Functions, modifiers, and combinators can be defined using curly braces `{}`. The contents are simply a sequence of expressions, where each is evaluated and the result of the last is returned. This result can have any value, and its syntactic class in the calling context is determined by the normal rules: functions return values and modifiers and compositions return functions. Operations defined in this way have lexical scope.

The special values `𝕨` and `𝕩`, which stand for arguments, and `𝕗` and `𝕘`, which stand for operands, are available inside curly braces. Like ordinary names, the lowercase forms indicate values and the uppercase forms `𝕎𝕏𝔽𝔾` indicate functions. The type (including syntactic class) of the result is determined by its contents: a composition contains `𝕘`, a modifier contains `𝕗` but not `𝕘`, and a function contains neither.
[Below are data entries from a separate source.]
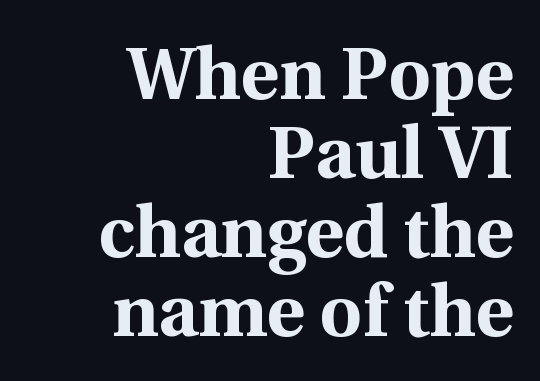
The image shows 73 px bold serif type, upright; set right-aligned, tight line spacing (1.08x), normal letter spacing, not underlined; a medium x-height.
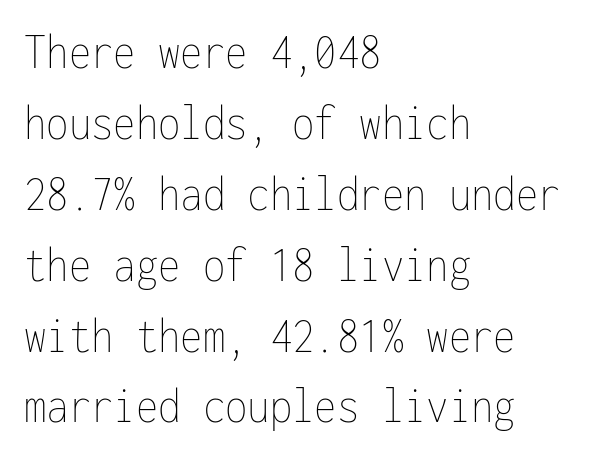
The image shows 51 px thin, condensed type, upright, monospaced; set left-aligned, normal line spacing (1.39x), normal letter spacing, not underlined; low stroke contrast and a medium x-height.
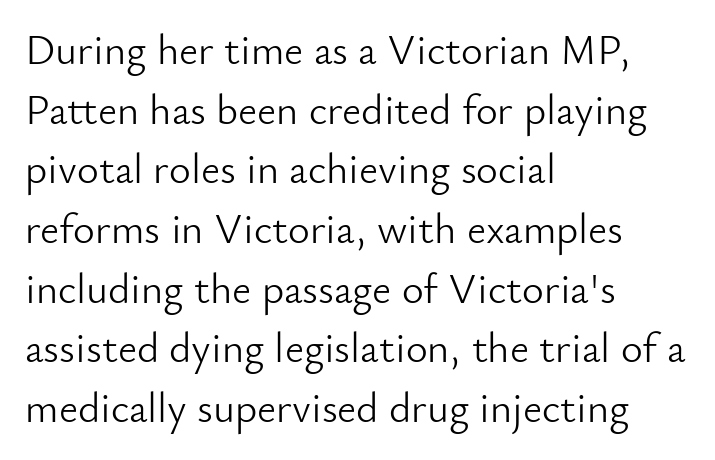
The image shows 42 px light sans-serif type, upright; set left-aligned, normal line spacing (1.42x), normal letter spacing, not underlined; low stroke contrast and a small x-height.
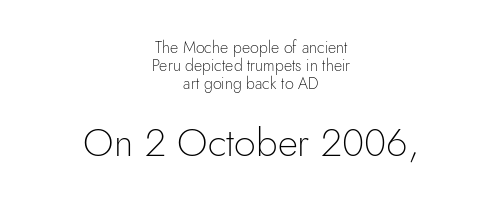
{"serif": "no", "italic": "no", "bold": "no", "weight": "light", "width": "normal", "x_height": "small", "monospaced": "no", "underline": "no", "align": "center", "line_spacing": "tight", "line_spacing_ratio": 1.11, "letter_spacing": "normal", "letter_spacing_em": 0.0, "larger_block": "second", "size_ratio": 2.44, "glyph_px": 39}
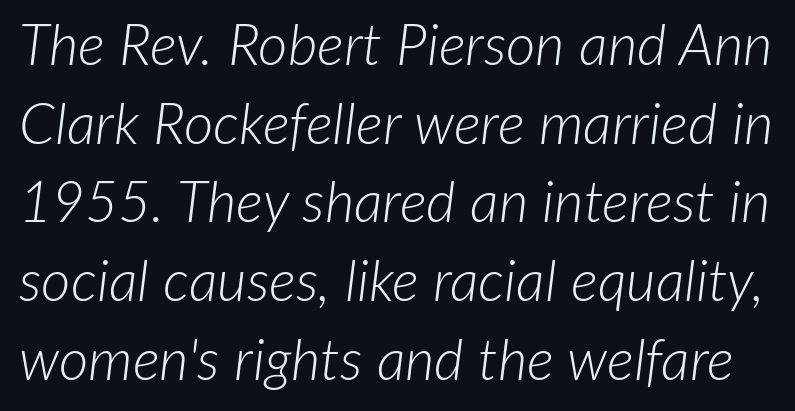
{"italic": "yes", "lean": "right", "slant_degrees": 7, "bold": "no", "weight": "light", "width": "normal", "stroke_contrast": "low", "x_height": "medium", "monospaced": "no", "underline": "no", "line_spacing": "normal", "line_spacing_ratio": 1.38, "letter_spacing": "normal", "letter_spacing_em": 0.0, "glyph_px": 57}
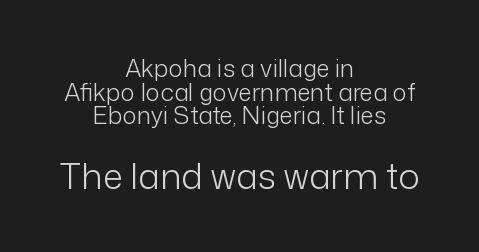
The image shows 36 px light sans-serif type, upright; set centered, tight line spacing (0.98x), normal letter spacing, not underlined; the second (bottom) block is 1.5x larger; low stroke contrast and a medium x-height.

A modifier or composition can be evaluated twice: once when passed operands and again when the resulting function is passed arguments. If it contains `𝕨` or `𝕩`, the first evaluation simply remembers the operands, and the contents will be executed only on the second evaluation, when the arguments are available. If it doesn't contain these, then the contents are executed on the first evaluation and the result is treated as a function.

## Data types

BQN will support the following fundamental types:
- Numbers (complex with 64-bit float precision)
- Characters (Unicode code points)
- Arrays
- Sets
- Dictionaries
- Function
- Modifier
- Composition

All of the above types are immutable. Other types may be added in the future, such as symbols and namespaces.